» What to work on
When you restate the data, keep every word as it is and drop the images.

» Listed entries

§ §

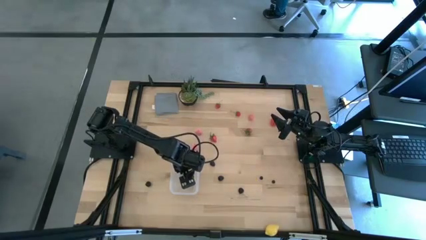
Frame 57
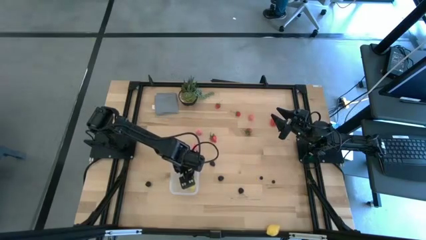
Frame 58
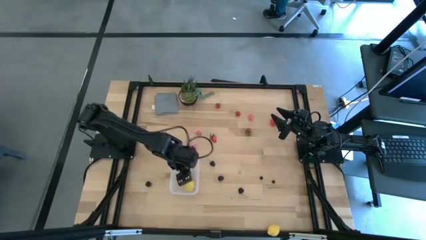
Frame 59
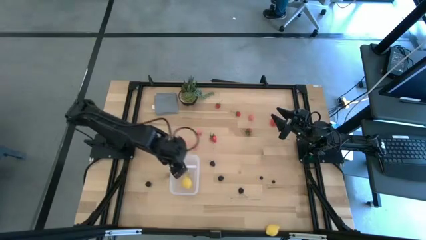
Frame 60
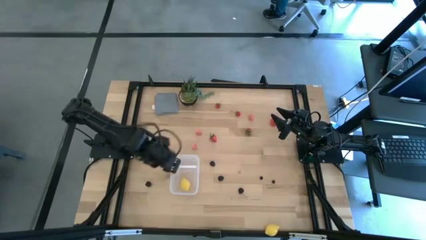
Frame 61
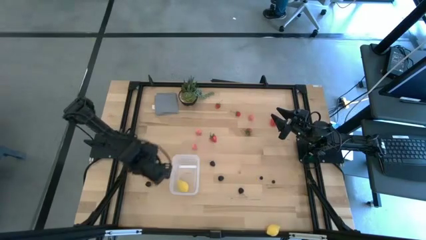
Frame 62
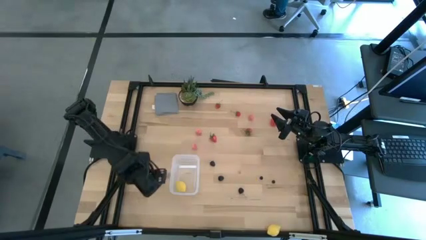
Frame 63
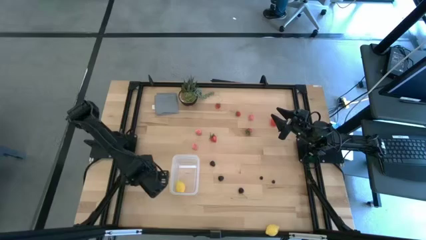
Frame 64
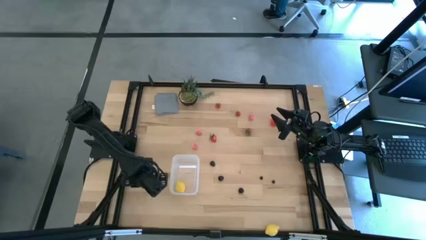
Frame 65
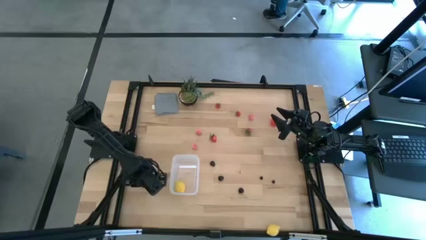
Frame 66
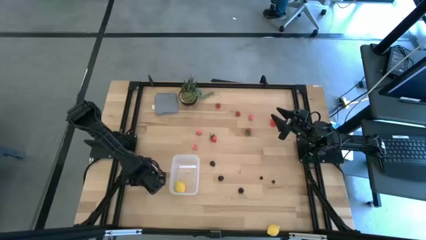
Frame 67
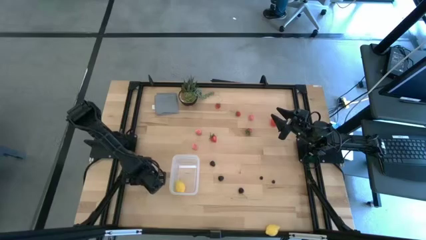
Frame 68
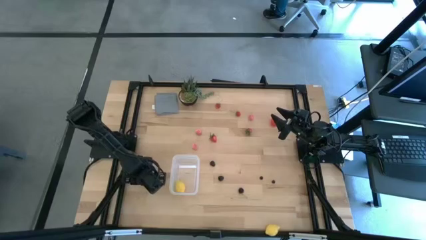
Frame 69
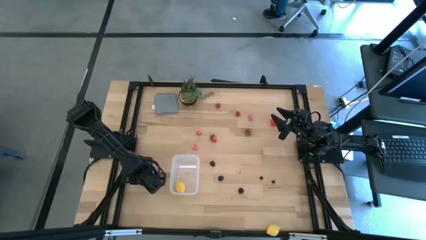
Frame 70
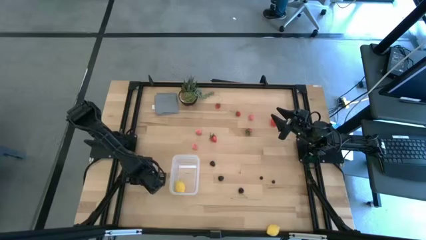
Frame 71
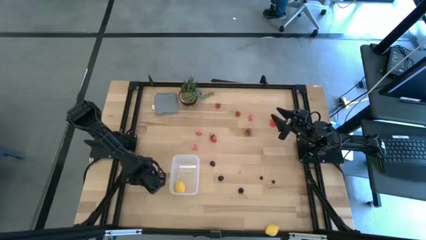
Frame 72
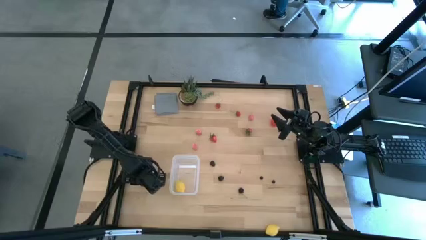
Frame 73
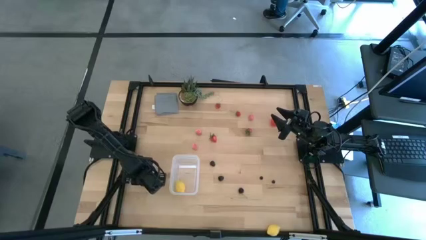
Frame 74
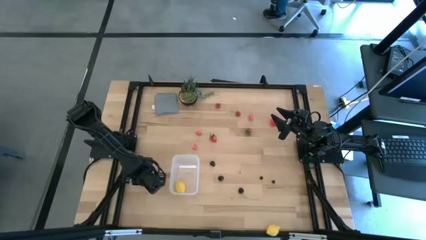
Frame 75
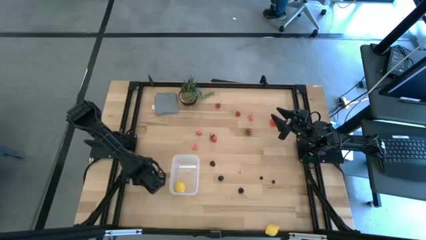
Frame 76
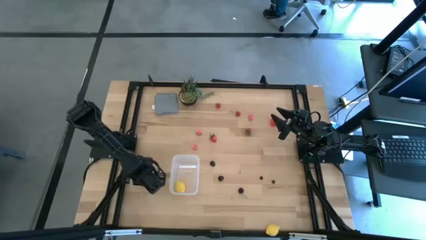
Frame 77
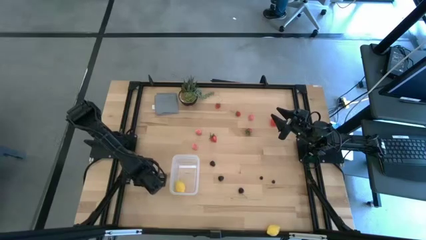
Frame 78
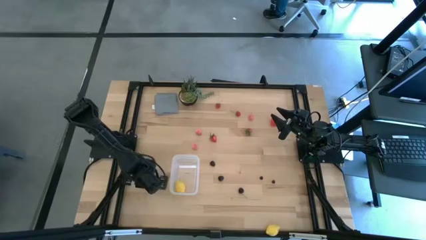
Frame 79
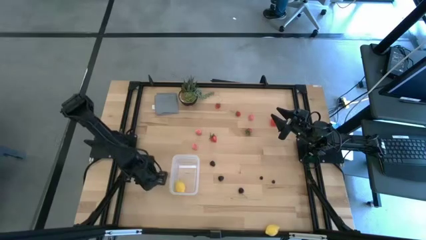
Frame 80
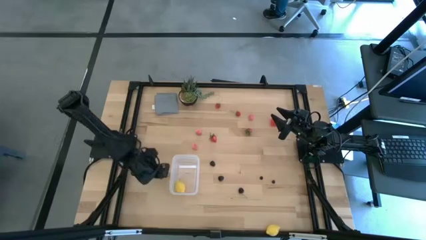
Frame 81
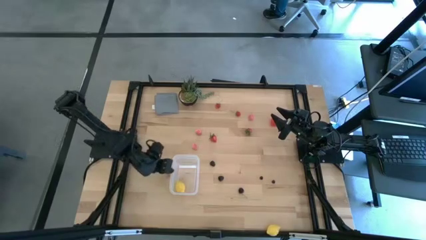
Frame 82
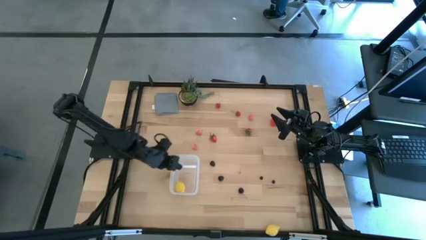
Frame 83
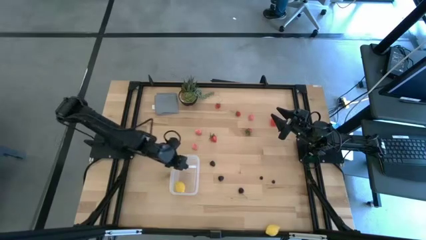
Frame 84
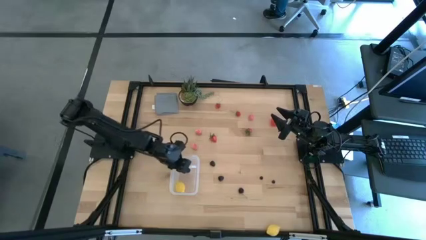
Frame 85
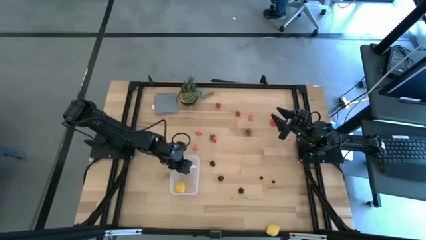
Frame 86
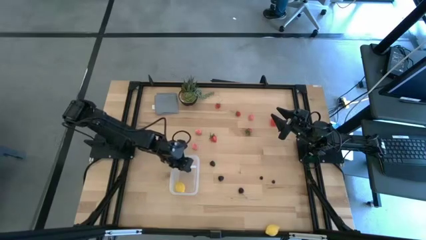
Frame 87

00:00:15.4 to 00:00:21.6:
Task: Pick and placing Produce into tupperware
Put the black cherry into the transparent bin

§ §

» Answer space
Frame 57
Frame 58
Frame 59
Frame 60
Frame 61
Frame 62
Frame 63
Frame 64
Frame 65
Frame 66
Frame 67
Frame 68
Frame 69
Frame 70
Frame 71
Frame 72
Frame 73
Frame 74
Frame 75
Frame 76
Frame 77
Frame 78
Frame 79
Frame 80
Frame 81
Frame 82
Frame 83
Frame 84
Frame 85
Frame 86
Frame 87

00:00:15.4 to 00:00:21.6:
Task: Pick and placing Produce into tupperware
Put the black cherry into the transparent bin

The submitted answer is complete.